BACKGROUND AND PURPOSE

In the positron emission tomography literature, markedly hypometabolic brain tissue (oxygen metabolism < 1.3 to 1.7 mL.100 g-1.min-1) has often been equated with irreversible damage in the human brain. By serial positron emission tomography measurements, we investigated the temporal evolution of the volume of severely hypometabolic brain tissue after permanent middle cerebral artery occlusion in anesthetized baboons with, as a perspective, the development of rational therapeutic strategies.

METHODS

Seven anesthetized and ventilated baboons underwent sequential positron emission tomography examinations with the 15O steady-state technique before and 1, 4, 7, and 24 hours and 14 to 29 days after occlusion.
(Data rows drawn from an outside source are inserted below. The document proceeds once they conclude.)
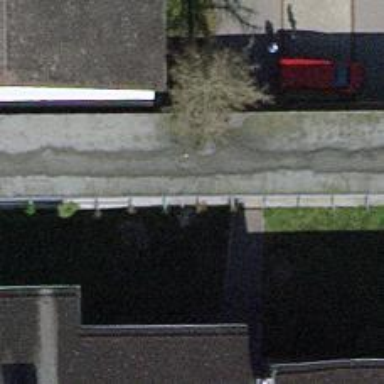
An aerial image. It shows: Pedestrian road paved with concrete.
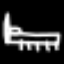
Label: bed
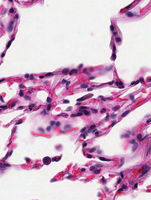
Tumor epithelial tissue: no
Tumor-associated stroma tissue: no
Normal tissue: yes
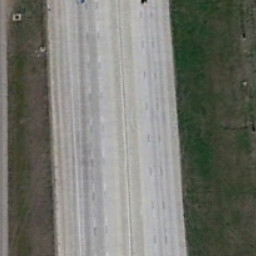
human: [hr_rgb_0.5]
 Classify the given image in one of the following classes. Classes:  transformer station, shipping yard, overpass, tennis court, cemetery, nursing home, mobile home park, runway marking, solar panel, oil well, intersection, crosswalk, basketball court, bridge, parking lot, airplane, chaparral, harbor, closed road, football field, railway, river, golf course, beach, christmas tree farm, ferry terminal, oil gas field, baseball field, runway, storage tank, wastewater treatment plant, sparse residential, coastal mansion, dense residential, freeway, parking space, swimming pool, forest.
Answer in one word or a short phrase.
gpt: freeway
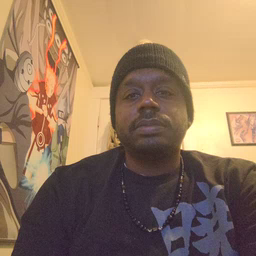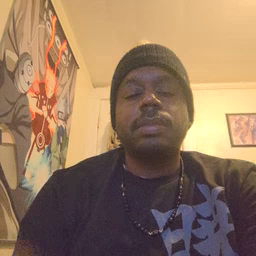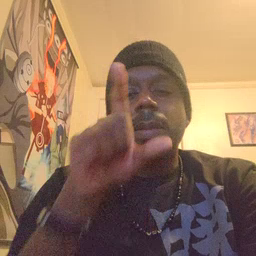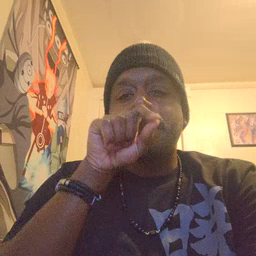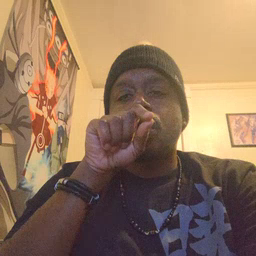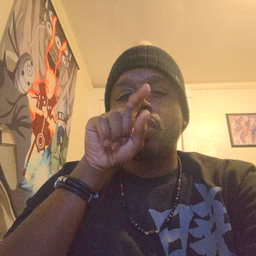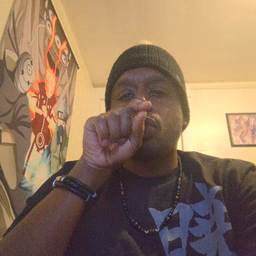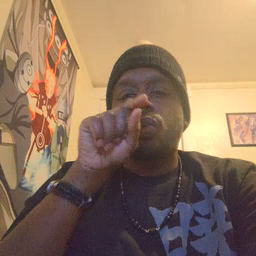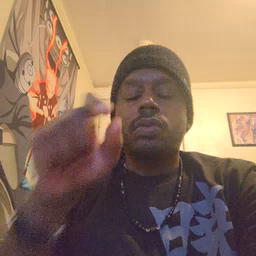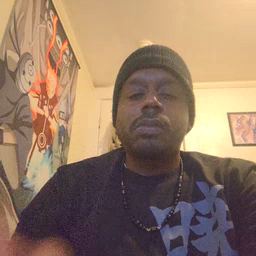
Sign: bird
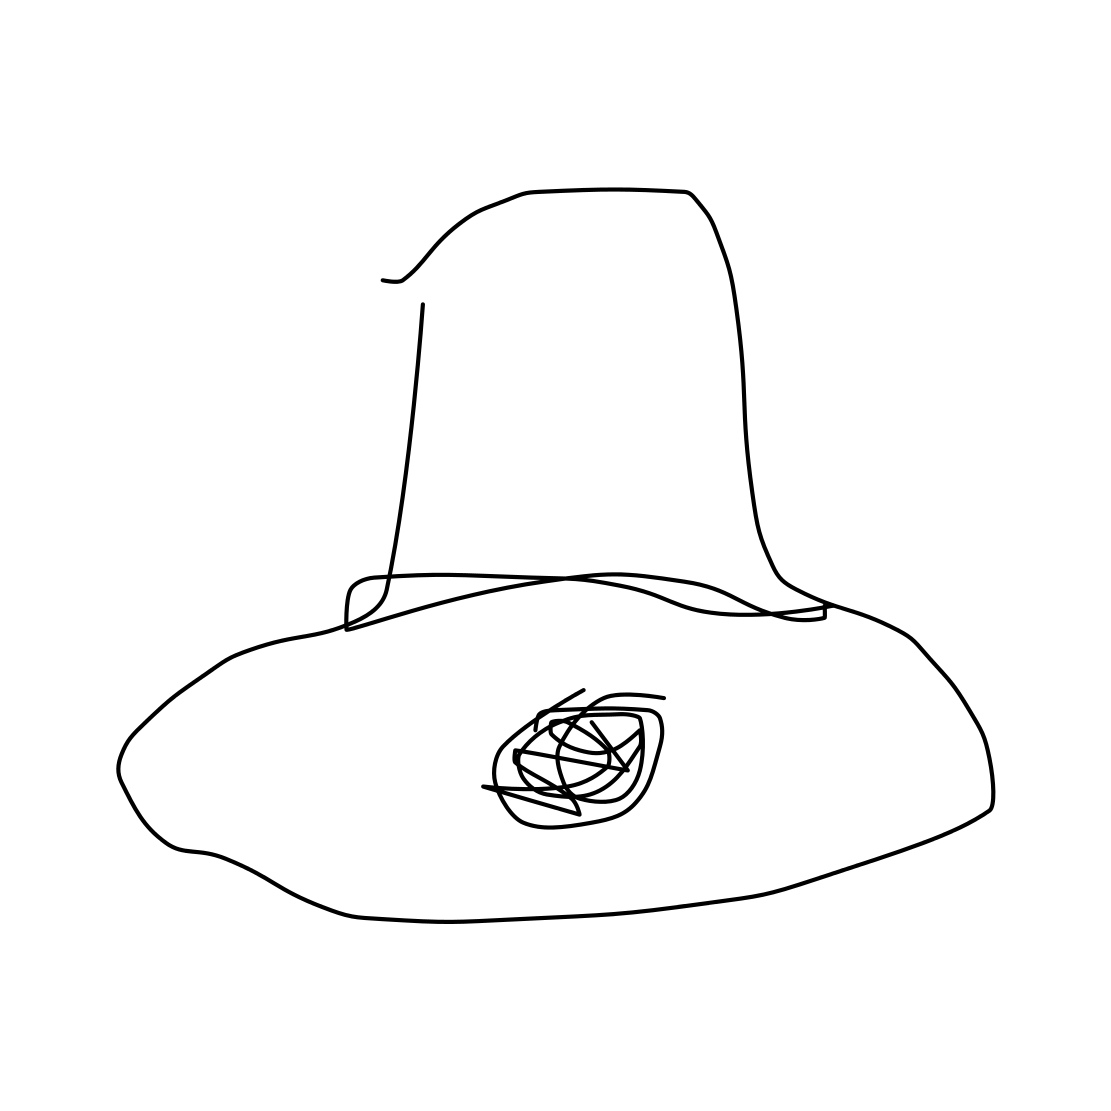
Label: bell

In each baboon the infarct volume was calculated by quantitative histological procedures after 19 to 41 days of occlusion.

RESULTS

The sequential measurement of regional oxygen metabolism demonstrated an extension (for > or = 24 hours) of the volume of severely hypometabolic tissue as defined by both absolute and relative metabolic thresholds, and this profile of evolutivity is observed no matter the threshold used. Mean (+/- SEM) infarction volume of 2.4 +/- 0.6 cm3 was comparable to a tissue volume with oxygen consumption < 40% of contralateral metabolism. The volume of hypometabolic tissue was essentially stable at the 1-, 4-, and 7-hour postocclusion studies, increased markedly at the 24-hour study point, and increased even further in the chronic-stage study (on average, 17 days after occlusion). The tissue that eventually displayed a severely hypometabolic state at the final measurement showed a significant decrease of oxygen metabolism and cerebral blood flow at each time analyzed. In that tissue, the oxygen extraction fraction increased significantly at 1 hour (although not thereafter).

CONCLUSIONS

The extension of severely hypometabolic volume after middle cerebral artery occlusion reinforces the concept of a dynamic penumbra and suggests the existence of a relatively large window of therapeutic opportunity in which it may be possible to develop neuroprotective strategies. Our study suggests that maximum infarct volume is determined at some time between 24 hours and 17 days after permanent middle cerebral artery occlusion in anesthetized baboons.